Input data Block Start

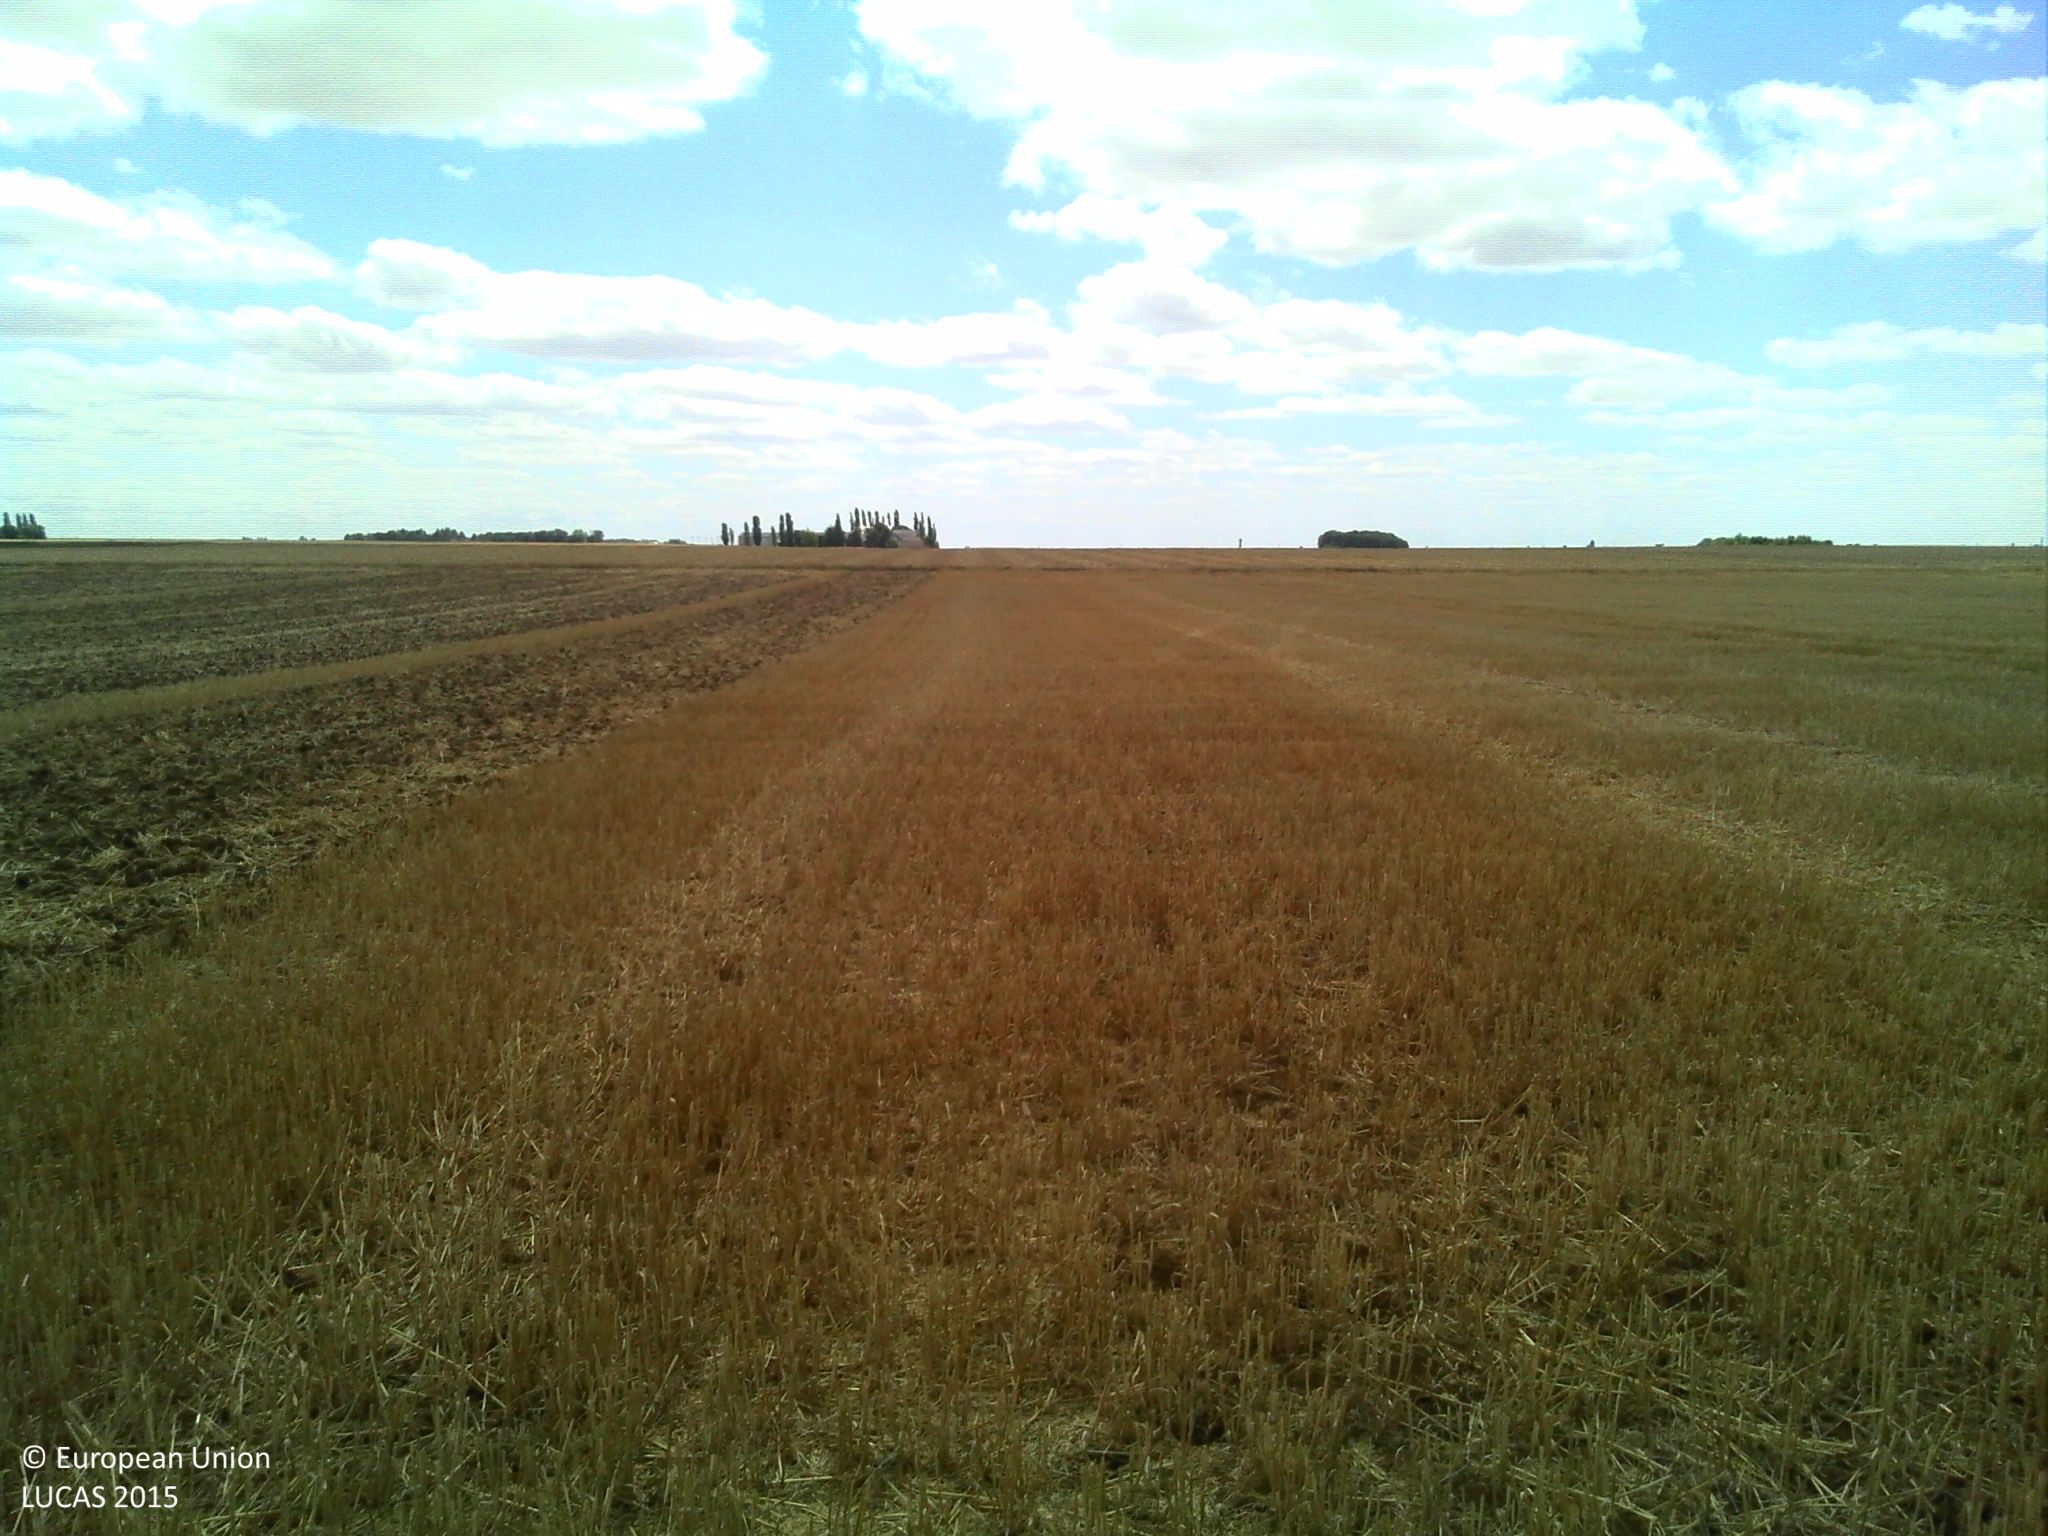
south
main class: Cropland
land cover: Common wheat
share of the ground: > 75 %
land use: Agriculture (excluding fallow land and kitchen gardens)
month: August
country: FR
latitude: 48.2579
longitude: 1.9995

Input data Block End
Input data Block Start

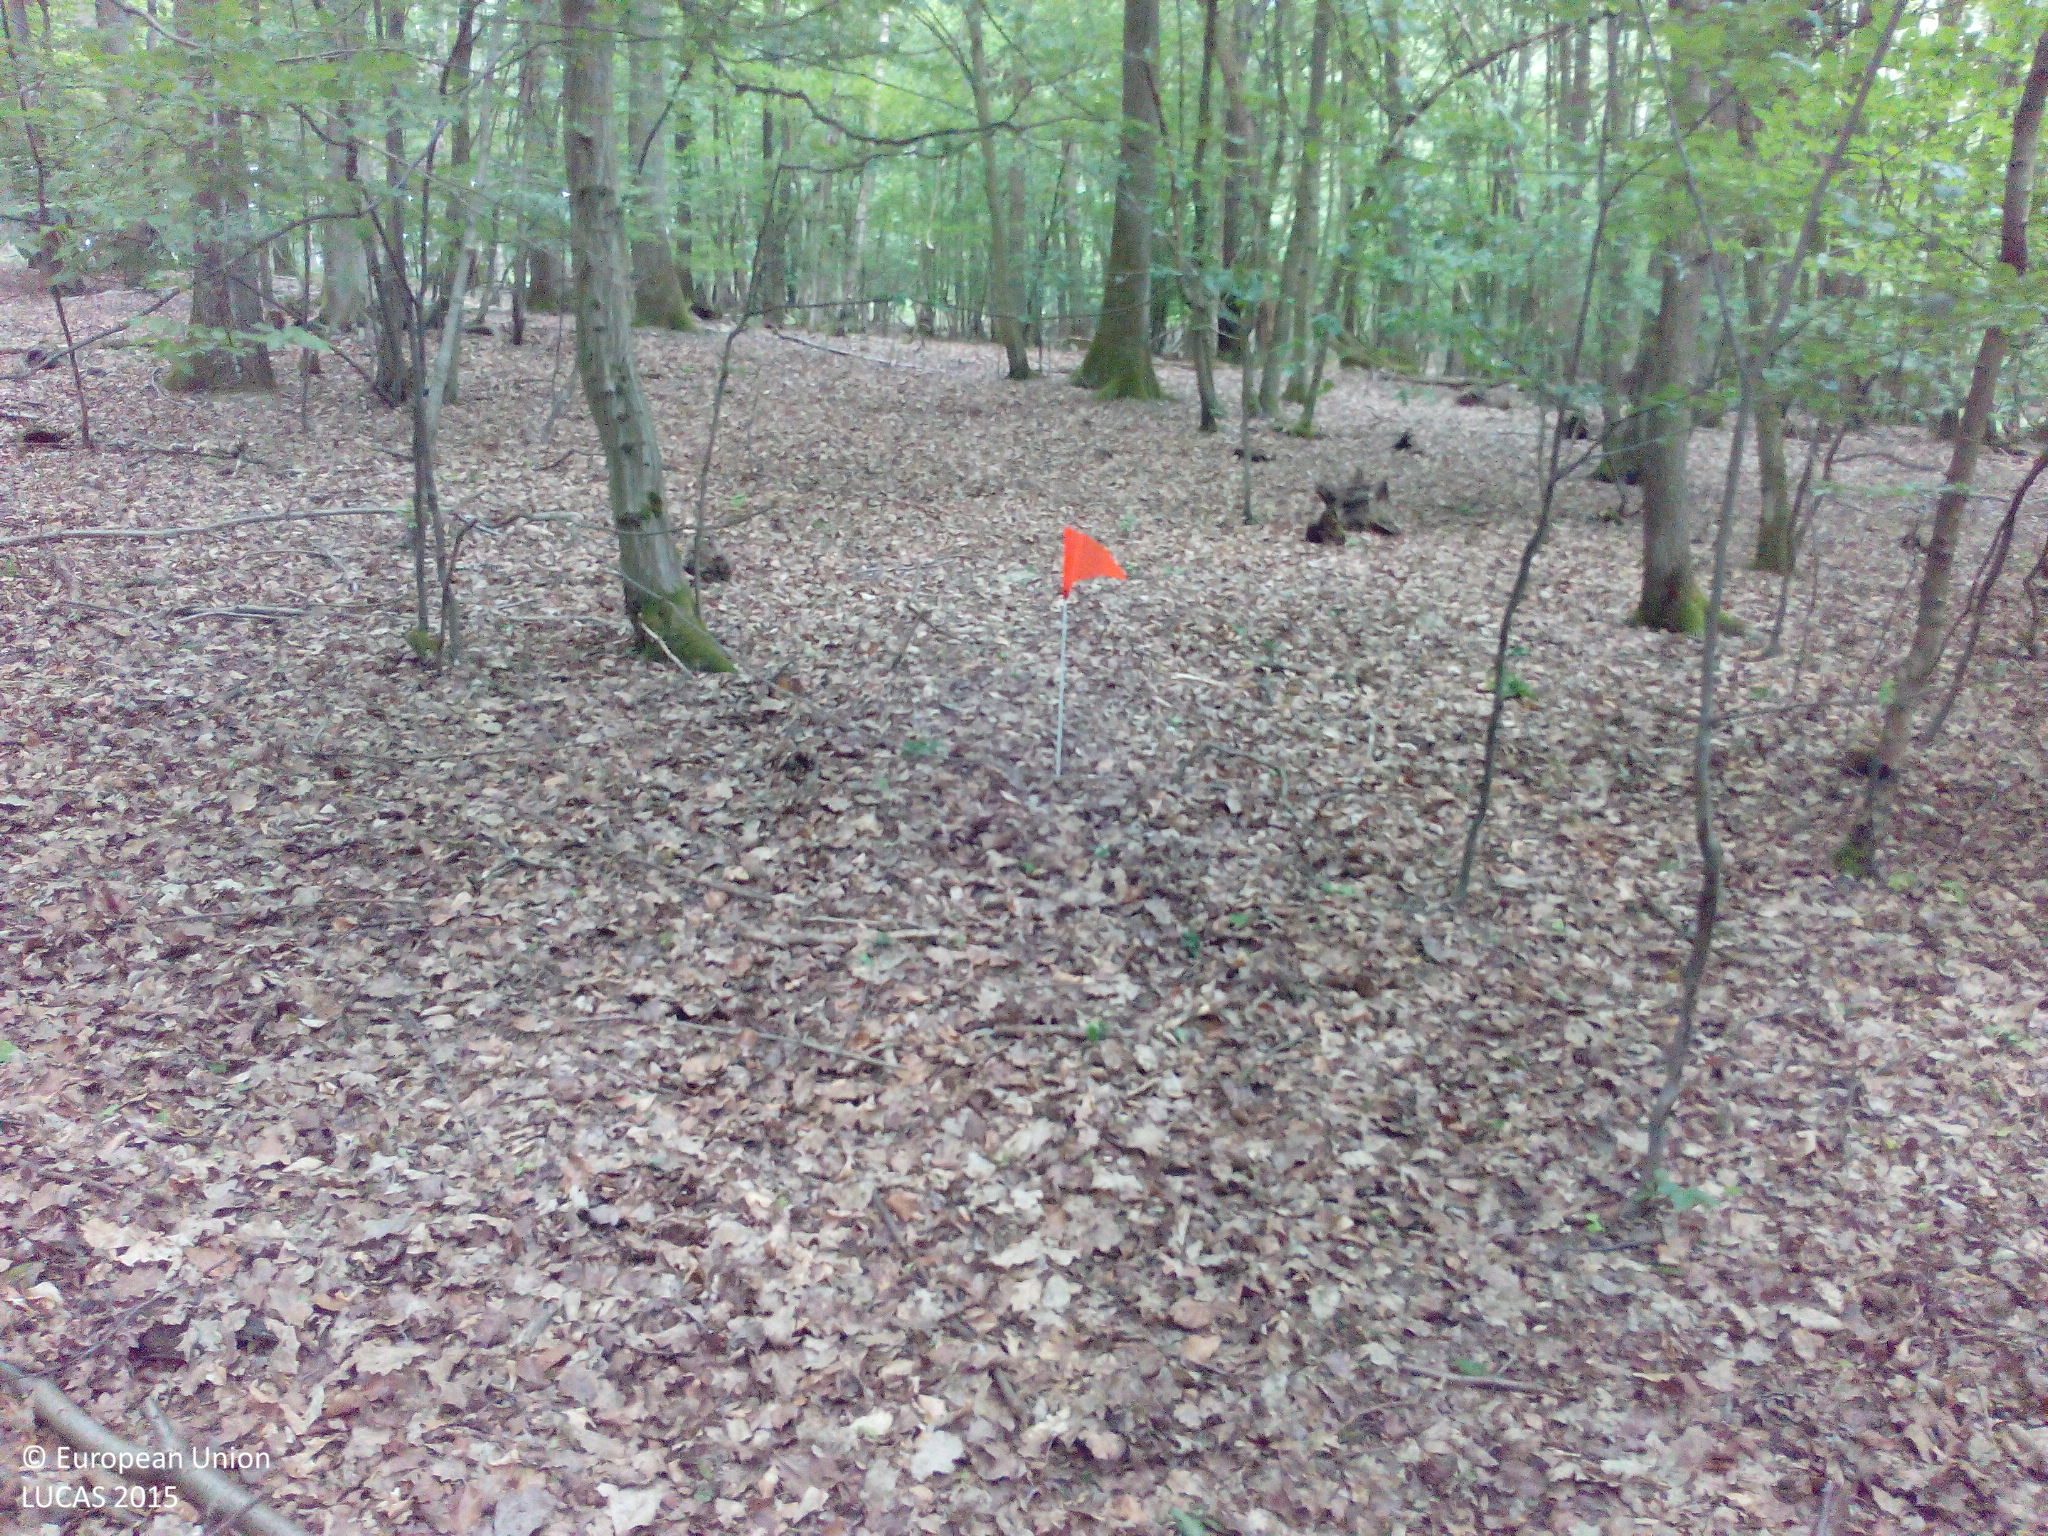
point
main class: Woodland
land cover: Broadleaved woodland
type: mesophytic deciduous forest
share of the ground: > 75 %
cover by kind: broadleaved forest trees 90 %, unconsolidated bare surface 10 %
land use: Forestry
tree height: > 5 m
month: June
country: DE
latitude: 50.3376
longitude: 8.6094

Input data Block End

Only those lines of the entries above that run from the line containing "main class: Woodland" to the line containing "longitude: 8.6094", both included, should be transcribed exactly.

main class: Woodland
land cover: Broadleaved woodland
type: mesophytic deciduous forest
share of the ground: > 75 %
cover by kind: broadleaved forest trees 90 %, unconsolidated bare surface 10 %
land use: Forestry
tree height: > 5 m
month: June
country: DE
latitude: 50.3376
longitude: 8.6094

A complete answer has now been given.